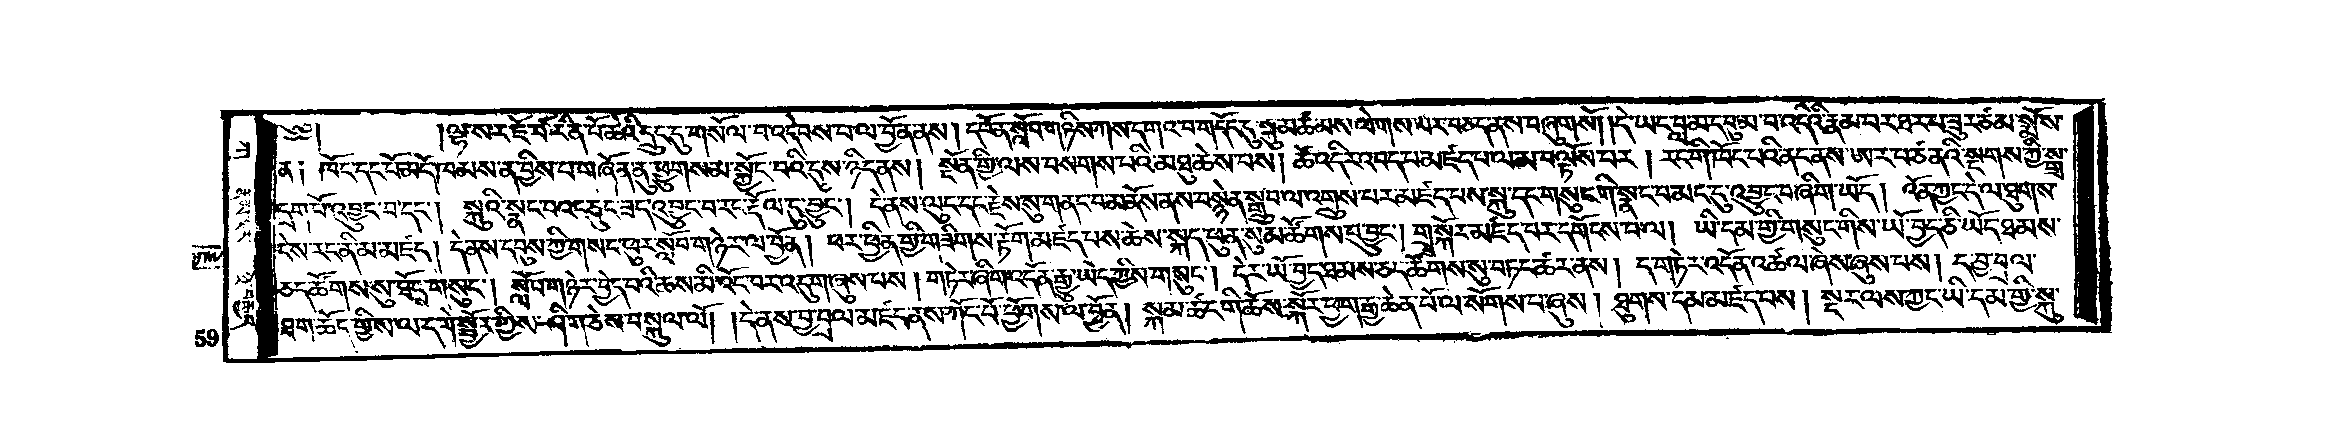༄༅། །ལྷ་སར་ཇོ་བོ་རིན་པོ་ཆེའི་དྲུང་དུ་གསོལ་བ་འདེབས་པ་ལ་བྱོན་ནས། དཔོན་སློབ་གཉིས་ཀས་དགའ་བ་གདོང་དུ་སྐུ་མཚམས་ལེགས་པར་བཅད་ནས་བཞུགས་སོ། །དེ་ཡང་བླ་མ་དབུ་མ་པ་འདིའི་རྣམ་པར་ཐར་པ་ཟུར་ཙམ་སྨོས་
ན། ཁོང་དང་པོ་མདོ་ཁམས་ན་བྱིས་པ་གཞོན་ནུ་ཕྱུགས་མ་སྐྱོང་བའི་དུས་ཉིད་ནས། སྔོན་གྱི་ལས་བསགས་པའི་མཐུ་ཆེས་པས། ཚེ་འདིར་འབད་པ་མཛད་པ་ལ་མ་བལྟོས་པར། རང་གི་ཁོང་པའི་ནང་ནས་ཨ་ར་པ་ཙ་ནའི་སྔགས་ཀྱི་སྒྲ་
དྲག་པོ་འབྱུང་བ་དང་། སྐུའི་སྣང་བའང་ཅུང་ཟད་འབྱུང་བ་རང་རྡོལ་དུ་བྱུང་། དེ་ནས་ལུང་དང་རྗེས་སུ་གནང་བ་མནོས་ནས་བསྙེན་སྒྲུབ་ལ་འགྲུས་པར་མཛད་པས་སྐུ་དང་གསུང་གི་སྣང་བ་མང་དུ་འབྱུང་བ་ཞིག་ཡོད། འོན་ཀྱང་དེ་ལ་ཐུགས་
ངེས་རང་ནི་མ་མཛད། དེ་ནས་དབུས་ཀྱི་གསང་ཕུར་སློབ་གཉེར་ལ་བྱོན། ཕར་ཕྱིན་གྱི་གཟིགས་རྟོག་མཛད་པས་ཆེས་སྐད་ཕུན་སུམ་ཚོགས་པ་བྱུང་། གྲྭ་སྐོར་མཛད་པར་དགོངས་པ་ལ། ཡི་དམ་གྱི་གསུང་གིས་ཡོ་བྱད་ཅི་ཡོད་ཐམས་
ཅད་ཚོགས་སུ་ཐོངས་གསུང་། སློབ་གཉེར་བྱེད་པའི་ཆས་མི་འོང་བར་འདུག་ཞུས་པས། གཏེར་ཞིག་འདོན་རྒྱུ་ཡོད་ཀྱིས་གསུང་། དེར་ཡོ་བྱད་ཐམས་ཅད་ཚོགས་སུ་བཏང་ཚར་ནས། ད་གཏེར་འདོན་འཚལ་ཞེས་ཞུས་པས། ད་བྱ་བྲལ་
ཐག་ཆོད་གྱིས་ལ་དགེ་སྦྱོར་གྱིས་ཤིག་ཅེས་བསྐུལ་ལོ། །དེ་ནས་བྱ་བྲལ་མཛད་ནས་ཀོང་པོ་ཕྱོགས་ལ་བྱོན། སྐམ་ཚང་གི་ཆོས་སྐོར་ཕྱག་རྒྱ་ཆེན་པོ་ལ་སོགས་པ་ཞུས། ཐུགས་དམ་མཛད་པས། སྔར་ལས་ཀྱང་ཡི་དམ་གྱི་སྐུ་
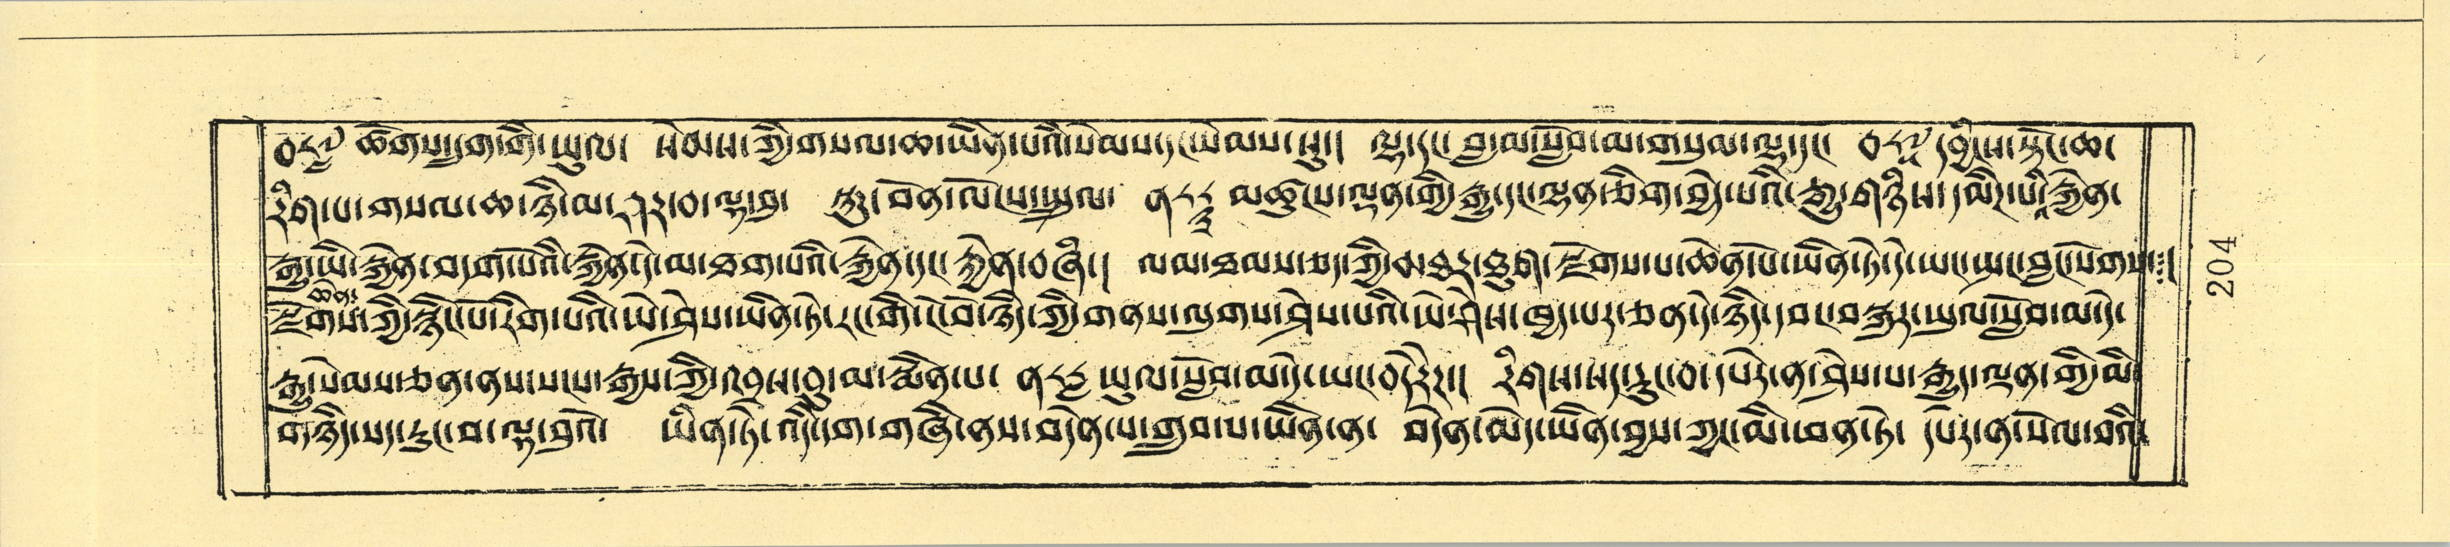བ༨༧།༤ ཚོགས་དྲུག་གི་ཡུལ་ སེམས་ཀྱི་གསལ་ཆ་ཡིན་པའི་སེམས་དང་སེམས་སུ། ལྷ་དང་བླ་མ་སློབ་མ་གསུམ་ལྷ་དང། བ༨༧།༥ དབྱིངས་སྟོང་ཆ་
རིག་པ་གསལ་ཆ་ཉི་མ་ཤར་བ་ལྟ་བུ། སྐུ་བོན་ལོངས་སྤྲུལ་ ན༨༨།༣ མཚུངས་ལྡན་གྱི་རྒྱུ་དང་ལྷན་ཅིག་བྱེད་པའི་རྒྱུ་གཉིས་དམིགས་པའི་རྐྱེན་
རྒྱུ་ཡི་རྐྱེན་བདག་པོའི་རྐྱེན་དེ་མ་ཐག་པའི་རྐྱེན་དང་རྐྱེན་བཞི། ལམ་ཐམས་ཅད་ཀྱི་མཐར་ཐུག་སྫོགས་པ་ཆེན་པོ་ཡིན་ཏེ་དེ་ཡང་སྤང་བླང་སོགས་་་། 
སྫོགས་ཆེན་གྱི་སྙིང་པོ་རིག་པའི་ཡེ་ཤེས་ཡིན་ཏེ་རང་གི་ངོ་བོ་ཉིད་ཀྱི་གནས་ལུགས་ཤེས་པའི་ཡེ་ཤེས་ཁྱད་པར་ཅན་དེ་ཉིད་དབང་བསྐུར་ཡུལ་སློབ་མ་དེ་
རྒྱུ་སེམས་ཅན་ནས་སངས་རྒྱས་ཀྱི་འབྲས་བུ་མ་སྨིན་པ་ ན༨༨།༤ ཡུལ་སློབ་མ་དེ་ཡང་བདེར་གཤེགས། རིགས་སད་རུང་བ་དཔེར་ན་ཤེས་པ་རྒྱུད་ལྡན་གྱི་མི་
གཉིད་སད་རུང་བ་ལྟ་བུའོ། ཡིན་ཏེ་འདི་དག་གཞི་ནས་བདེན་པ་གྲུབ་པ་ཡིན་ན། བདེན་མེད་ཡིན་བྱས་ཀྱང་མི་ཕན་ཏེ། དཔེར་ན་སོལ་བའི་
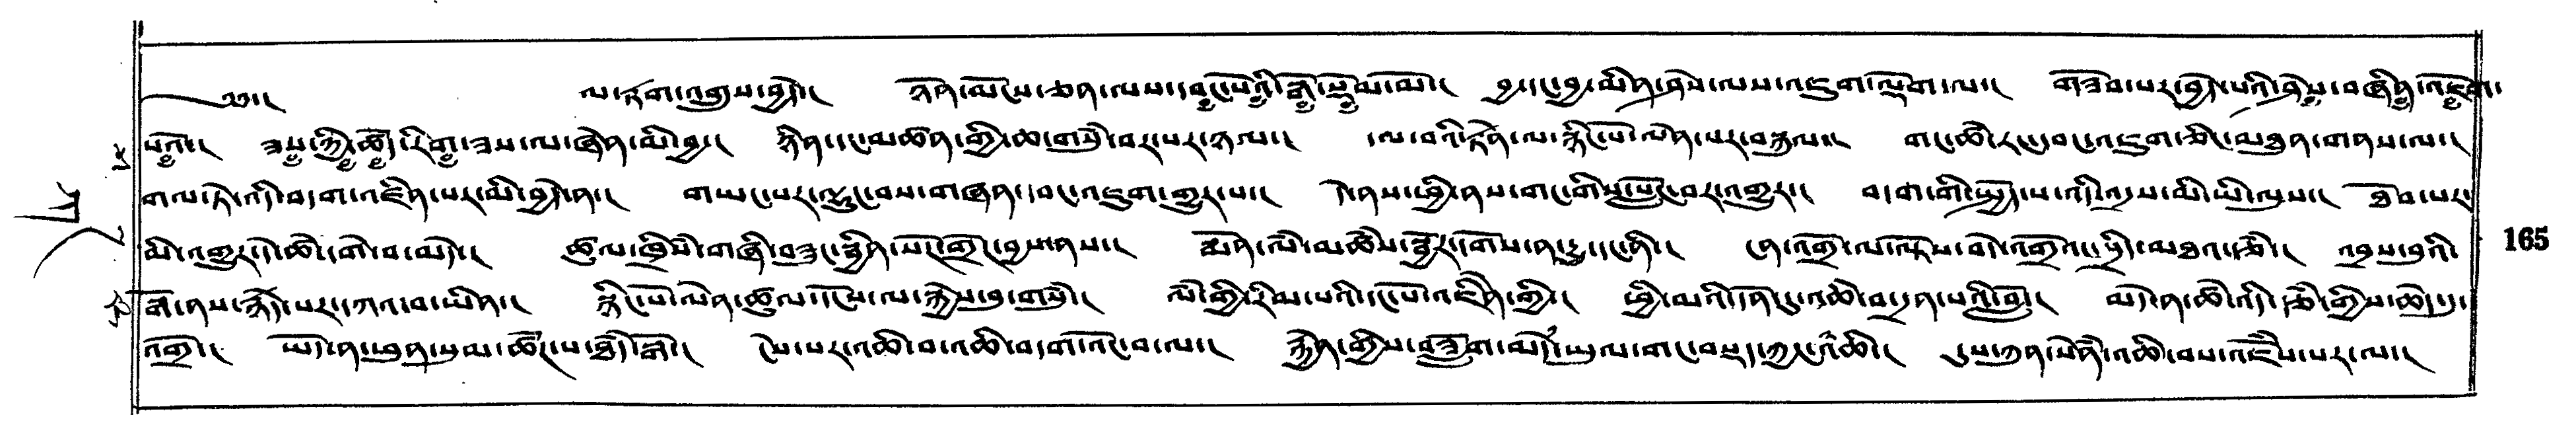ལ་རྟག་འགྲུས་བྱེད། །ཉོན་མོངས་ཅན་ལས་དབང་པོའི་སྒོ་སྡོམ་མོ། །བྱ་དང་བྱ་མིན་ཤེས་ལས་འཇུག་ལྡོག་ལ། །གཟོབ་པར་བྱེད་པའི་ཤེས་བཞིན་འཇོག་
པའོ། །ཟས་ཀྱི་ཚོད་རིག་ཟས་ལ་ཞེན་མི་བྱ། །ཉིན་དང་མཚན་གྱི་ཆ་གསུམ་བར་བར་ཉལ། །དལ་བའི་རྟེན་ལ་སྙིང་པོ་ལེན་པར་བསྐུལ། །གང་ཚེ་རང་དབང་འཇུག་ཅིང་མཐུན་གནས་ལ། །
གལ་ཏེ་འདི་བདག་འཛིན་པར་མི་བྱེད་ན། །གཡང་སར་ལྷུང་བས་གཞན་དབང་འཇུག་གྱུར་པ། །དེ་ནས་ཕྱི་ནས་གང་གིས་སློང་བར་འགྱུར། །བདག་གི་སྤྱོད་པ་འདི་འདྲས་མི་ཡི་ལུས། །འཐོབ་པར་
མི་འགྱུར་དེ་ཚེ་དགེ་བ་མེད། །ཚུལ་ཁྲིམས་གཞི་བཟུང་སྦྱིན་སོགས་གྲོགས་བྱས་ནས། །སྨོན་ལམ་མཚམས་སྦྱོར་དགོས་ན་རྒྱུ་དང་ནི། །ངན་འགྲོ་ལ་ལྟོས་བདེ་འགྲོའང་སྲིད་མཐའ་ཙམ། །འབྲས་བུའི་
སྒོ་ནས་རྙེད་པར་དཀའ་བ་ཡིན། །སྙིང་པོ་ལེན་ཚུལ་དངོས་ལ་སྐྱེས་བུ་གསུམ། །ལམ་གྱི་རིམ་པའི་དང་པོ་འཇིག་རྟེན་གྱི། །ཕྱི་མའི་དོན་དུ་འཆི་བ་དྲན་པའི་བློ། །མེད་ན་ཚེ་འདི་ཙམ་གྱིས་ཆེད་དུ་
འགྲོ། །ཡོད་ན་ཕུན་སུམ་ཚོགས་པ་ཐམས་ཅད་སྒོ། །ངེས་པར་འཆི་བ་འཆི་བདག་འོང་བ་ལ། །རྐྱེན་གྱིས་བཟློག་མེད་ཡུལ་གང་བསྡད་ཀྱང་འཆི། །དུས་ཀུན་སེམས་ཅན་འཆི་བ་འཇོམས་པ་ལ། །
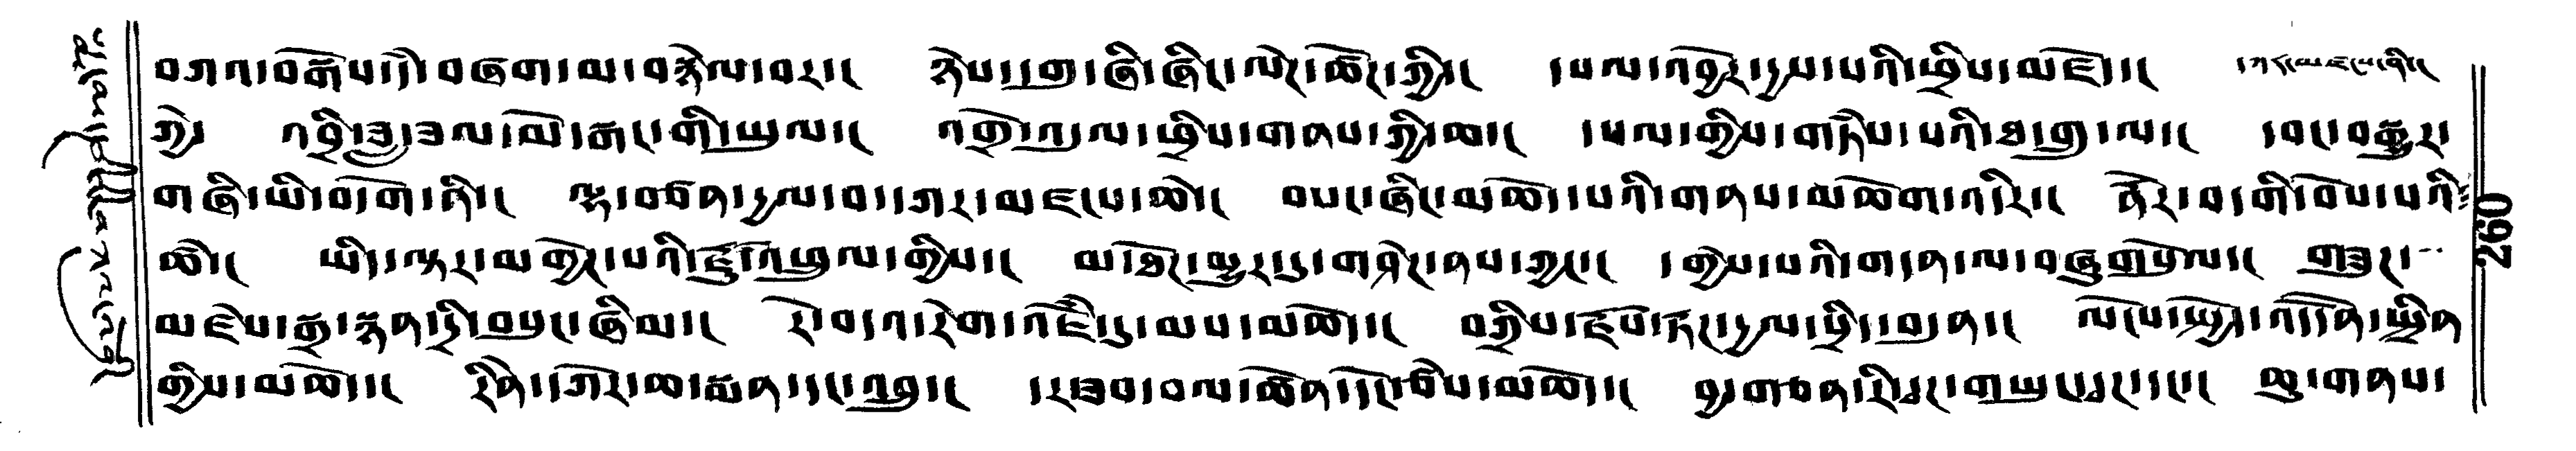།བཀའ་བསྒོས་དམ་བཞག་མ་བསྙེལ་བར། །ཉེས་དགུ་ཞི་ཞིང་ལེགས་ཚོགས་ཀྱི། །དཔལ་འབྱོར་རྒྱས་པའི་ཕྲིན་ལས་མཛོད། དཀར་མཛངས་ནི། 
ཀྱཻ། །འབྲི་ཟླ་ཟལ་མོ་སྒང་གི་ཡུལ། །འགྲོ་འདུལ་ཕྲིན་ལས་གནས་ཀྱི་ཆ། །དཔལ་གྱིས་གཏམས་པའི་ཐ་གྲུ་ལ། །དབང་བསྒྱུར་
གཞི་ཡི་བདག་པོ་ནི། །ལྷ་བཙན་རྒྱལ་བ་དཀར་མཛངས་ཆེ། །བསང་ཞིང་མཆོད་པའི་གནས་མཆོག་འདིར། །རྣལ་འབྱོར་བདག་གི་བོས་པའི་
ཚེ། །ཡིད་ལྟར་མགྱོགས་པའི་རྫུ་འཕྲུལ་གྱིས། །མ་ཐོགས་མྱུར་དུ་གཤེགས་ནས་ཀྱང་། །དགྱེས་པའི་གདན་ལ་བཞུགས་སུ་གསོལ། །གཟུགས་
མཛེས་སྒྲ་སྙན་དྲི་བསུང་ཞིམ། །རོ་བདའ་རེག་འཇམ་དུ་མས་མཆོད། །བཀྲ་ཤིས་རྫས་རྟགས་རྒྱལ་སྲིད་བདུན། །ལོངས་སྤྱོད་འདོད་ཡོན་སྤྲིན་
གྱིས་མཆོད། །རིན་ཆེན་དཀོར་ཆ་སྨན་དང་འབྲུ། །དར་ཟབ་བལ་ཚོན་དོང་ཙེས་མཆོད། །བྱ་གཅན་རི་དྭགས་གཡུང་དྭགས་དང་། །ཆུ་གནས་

────────────────

Task goal: Print exactly, with no pictures, the lines above from the one that holds "རིག་པ་གསལ་ཆ་ཉི་མ་ཤར་བ་ལྟ་བུ། སྐུ་བོན་ལོངས་སྤྲུལ་ ན༨༨།༣" through the one that holds "ཀྱཻ། །འབྲི་ཟླ་ཟལ་མོ་སྒང་གི་ཡུལ། །འགྲོ་འདུལ་ཕྲིན་ལས་གནས་ཀྱི་ཆ།", both of them included.

Reply to the exercise:
རིག་པ་གསལ་ཆ་ཉི་མ་ཤར་བ་ལྟ་བུ། སྐུ་བོན་ལོངས་སྤྲུལ་ ན༨༨།༣ མཚུངས་ལྡན་གྱི་རྒྱུ་དང་ལྷན་ཅིག་བྱེད་པའི་རྒྱུ་གཉིས་དམིགས་པའི་རྐྱེན་
རྒྱུ་ཡི་རྐྱེན་བདག་པོའི་རྐྱེན་དེ་མ་ཐག་པའི་རྐྱེན་དང་རྐྱེན་བཞི། ལམ་ཐམས་ཅད་ཀྱི་མཐར་ཐུག་སྫོགས་པ་ཆེན་པོ་ཡིན་ཏེ་དེ་ཡང་སྤང་བླང་སོགས་་་། 
སྫོགས་ཆེན་གྱི་སྙིང་པོ་རིག་པའི་ཡེ་ཤེས་ཡིན་ཏེ་རང་གི་ངོ་བོ་ཉིད་ཀྱི་གནས་ལུགས་ཤེས་པའི་ཡེ་ཤེས་ཁྱད་པར་ཅན་དེ་ཉིད་དབང་བསྐུར་ཡུལ་སློབ་མ་དེ་
རྒྱུ་སེམས་ཅན་ནས་སངས་རྒྱས་ཀྱི་འབྲས་བུ་མ་སྨིན་པ་ ན༨༨།༤ ཡུལ་སློབ་མ་དེ་ཡང་བདེར་གཤེགས། རིགས་སད་རུང་བ་དཔེར་ན་ཤེས་པ་རྒྱུད་ལྡན་གྱི་མི་
གཉིད་སད་རུང་བ་ལྟ་བུའོ། ཡིན་ཏེ་འདི་དག་གཞི་ནས་བདེན་པ་གྲུབ་པ་ཡིན་ན། བདེན་མེད་ཡིན་བྱས་ཀྱང་མི་ཕན་ཏེ། དཔེར་ན་སོལ་བའི་
ལ་རྟག་འགྲུས་བྱེད། །ཉོན་མོངས་ཅན་ལས་དབང་པོའི་སྒོ་སྡོམ་མོ། །བྱ་དང་བྱ་མིན་ཤེས་ལས་འཇུག་ལྡོག་ལ། །གཟོབ་པར་བྱེད་པའི་ཤེས་བཞིན་འཇོག་
པའོ། །ཟས་ཀྱི་ཚོད་རིག་ཟས་ལ་ཞེན་མི་བྱ། །ཉིན་དང་མཚན་གྱི་ཆ་གསུམ་བར་བར་ཉལ། །དལ་བའི་རྟེན་ལ་སྙིང་པོ་ལེན་པར་བསྐུལ། །གང་ཚེ་རང་དབང་འཇུག་ཅིང་མཐུན་གནས་ལ། །
གལ་ཏེ་འདི་བདག་འཛིན་པར་མི་བྱེད་ན། །གཡང་སར་ལྷུང་བས་གཞན་དབང་འཇུག་གྱུར་པ། །དེ་ནས་ཕྱི་ནས་གང་གིས་སློང་བར་འགྱུར། །བདག་གི་སྤྱོད་པ་འདི་འདྲས་མི་ཡི་ལུས། །འཐོབ་པར་
མི་འགྱུར་དེ་ཚེ་དགེ་བ་མེད། །ཚུལ་ཁྲིམས་གཞི་བཟུང་སྦྱིན་སོགས་གྲོགས་བྱས་ནས། །སྨོན་ལམ་མཚམས་སྦྱོར་དགོས་ན་རྒྱུ་དང་ནི། །ངན་འགྲོ་ལ་ལྟོས་བདེ་འགྲོའང་སྲིད་མཐའ་ཙམ། །འབྲས་བུའི་
སྒོ་ནས་རྙེད་པར་དཀའ་བ་ཡིན། །སྙིང་པོ་ལེན་ཚུལ་དངོས་ལ་སྐྱེས་བུ་གསུམ། །ལམ་གྱི་རིམ་པའི་དང་པོ་འཇིག་རྟེན་གྱི། །ཕྱི་མའི་དོན་དུ་འཆི་བ་དྲན་པའི་བློ། །མེད་ན་ཚེ་འདི་ཙམ་གྱིས་ཆེད་དུ་
འགྲོ། །ཡོད་ན་ཕུན་སུམ་ཚོགས་པ་ཐམས་ཅད་སྒོ། །ངེས་པར་འཆི་བ་འཆི་བདག་འོང་བ་ལ། །རྐྱེན་གྱིས་བཟློག་མེད་ཡུལ་གང་བསྡད་ཀྱང་འཆི། །དུས་ཀུན་སེམས་ཅན་འཆི་བ་འཇོམས་པ་ལ། །
།བཀའ་བསྒོས་དམ་བཞག་མ་བསྙེལ་བར། །ཉེས་དགུ་ཞི་ཞིང་ལེགས་ཚོགས་ཀྱི། །དཔལ་འབྱོར་རྒྱས་པའི་ཕྲིན་ལས་མཛོད། དཀར་མཛངས་ནི། 
ཀྱཻ། །འབྲི་ཟླ་ཟལ་མོ་སྒང་གི་ཡུལ། །འགྲོ་འདུལ་ཕྲིན་ལས་གནས་ཀྱི་ཆ། །དཔལ་གྱིས་གཏམས་པའི་ཐ་གྲུ་ལ། །དབང་བསྒྱུར་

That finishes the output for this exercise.